*What to work on*.
Print the data once more, exactly as supplied.

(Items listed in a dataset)
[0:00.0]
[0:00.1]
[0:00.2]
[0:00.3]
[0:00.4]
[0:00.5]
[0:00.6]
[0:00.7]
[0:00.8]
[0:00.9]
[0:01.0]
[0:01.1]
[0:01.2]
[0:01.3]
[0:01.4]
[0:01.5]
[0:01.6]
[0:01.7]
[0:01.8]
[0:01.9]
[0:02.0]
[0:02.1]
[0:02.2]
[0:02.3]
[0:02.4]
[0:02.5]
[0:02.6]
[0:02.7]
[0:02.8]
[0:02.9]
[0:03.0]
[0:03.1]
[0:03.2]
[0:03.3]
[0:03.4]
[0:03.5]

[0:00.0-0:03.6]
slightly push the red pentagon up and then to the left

*Task solution*.
[0:00.0]
[0:00.1]
[0:00.2]
[0:00.3]
[0:00.4]
[0:00.5]
[0:00.6]
[0:00.7]
[0:00.8]
[0:00.9]
[0:01.0]
[0:01.1]
[0:01.2]
[0:01.3]
[0:01.4]
[0:01.5]
[0:01.6]
[0:01.7]
[0:01.8]
[0:01.9]
[0:02.0]
[0:02.1]
[0:02.2]
[0:02.3]
[0:02.4]
[0:02.5]
[0:02.6]
[0:02.7]
[0:02.8]
[0:02.9]
[0:03.0]
[0:03.1]
[0:03.2]
[0:03.3]
[0:03.4]
[0:03.5]

[0:00.0-0:03.6]
slightly push the red pentagon up and then to the left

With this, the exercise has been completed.